§ **Required action**: Copy out exactly the lines spanning the line with "The image shows 26" to the line with "In terms of", inclusive, from the data underneath, with no pictures.

§ **Supplied information**:
********

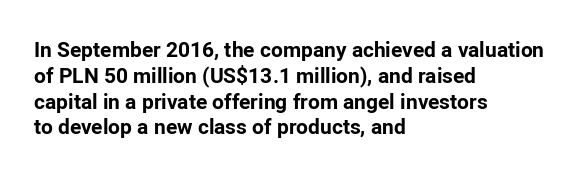
{"italic": "no", "bold": "yes", "underline": "no", "align": "left", "line_spacing_ratio": 1.23, "letter_spacing": "normal", "letter_spacing_em": 0.0, "glyph_px": 21}
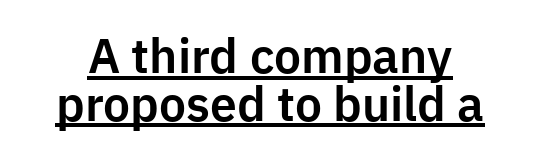
{"serif": "no", "italic": "no", "width": "normal", "stroke_contrast": "low", "x_height": "medium", "monospaced": "no", "underline": "yes", "line_spacing": "tight", "line_spacing_ratio": 0.99, "letter_spacing": "normal", "letter_spacing_em": 0.0, "glyph_px": 48}
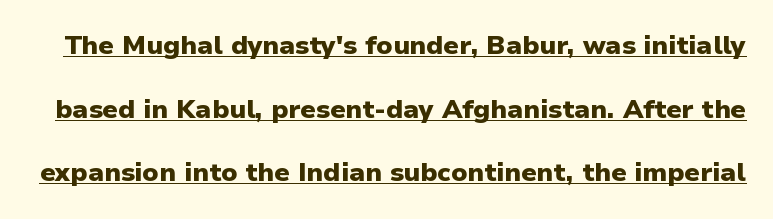
The image shows 26 px bold type, upright; set loose line spacing (2.45x), normal letter spacing, underlined.
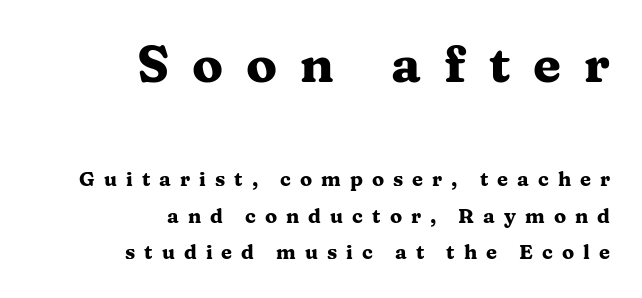
In terms of posture, this sample is upright. Leftover space on each line is placed entirely before the opening word. There is plenty of visible air inserted between adjacent glyphs. Old-style or modern, the face here clearly has serifs. These two chunks differ in scale, with the top chunk taking the larger measure.
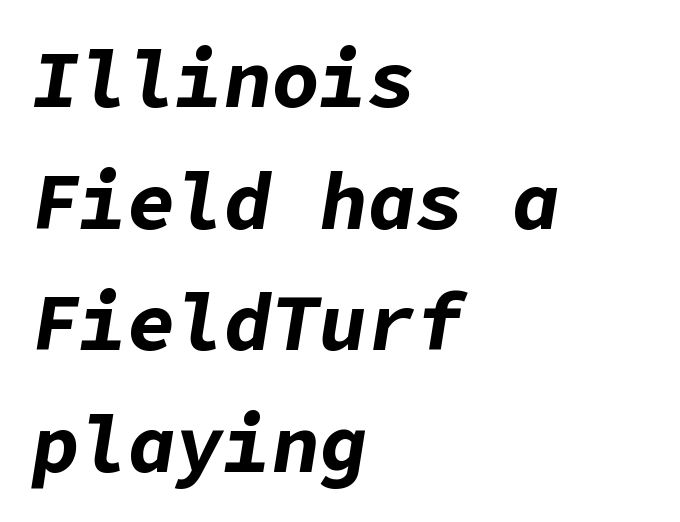
The image shows 80 px bold type, italic (leaning right); set left-aligned, normal line spacing (1.52x), normal letter spacing, not underlined; low stroke contrast and a medium x-height.
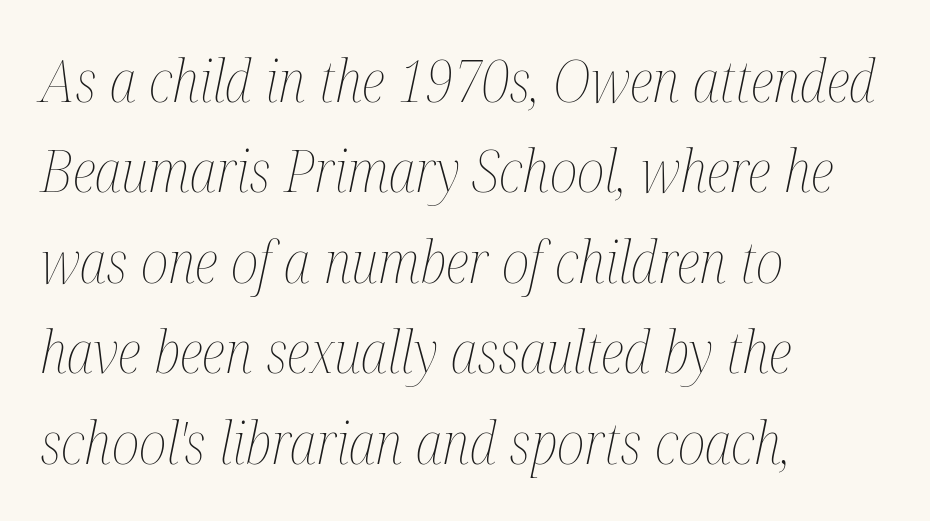
Q: Is the text bold? A: No.
Q: Is the text italic (slanted)? A: Yes, it leans right by about 12 degrees.
Q: Is the text underlined? A: No.
Q: How is the paragraph aligned? A: Left-aligned.
Q: Is the spacing between letters normal or unusually wide? A: Normal.
Q: Is the spacing between lines tight, normal or loose? A: Normal.
Q: Width (condensed, normal, or wide)? A: Condensed.
Q: Stroke contrast? A: Medium.
Q: x-height? A: Medium.
Q: Monospaced? A: No.
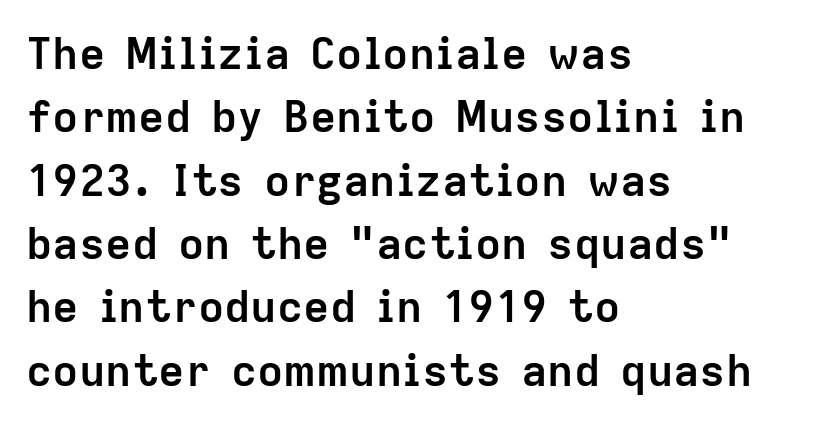
The image shows 44 px semibold sans-serif type, upright; set left-aligned, normal line spacing (1.44x), normal letter spacing, not underlined; low stroke contrast and a medium x-height.

********

§ **Response**:
The image shows 26 px bold type, upright; set loose line spacing (2.45x), normal letter spacing, underlined.
In terms of posture, this sample is upright. Leftover space on each line is placed entirely before the opening word. There is plenty of visible air inserted between adjacent glyphs. Old-style or modern, the face here clearly has serifs. These two chunks differ in scale, with the top chunk taking the larger measure.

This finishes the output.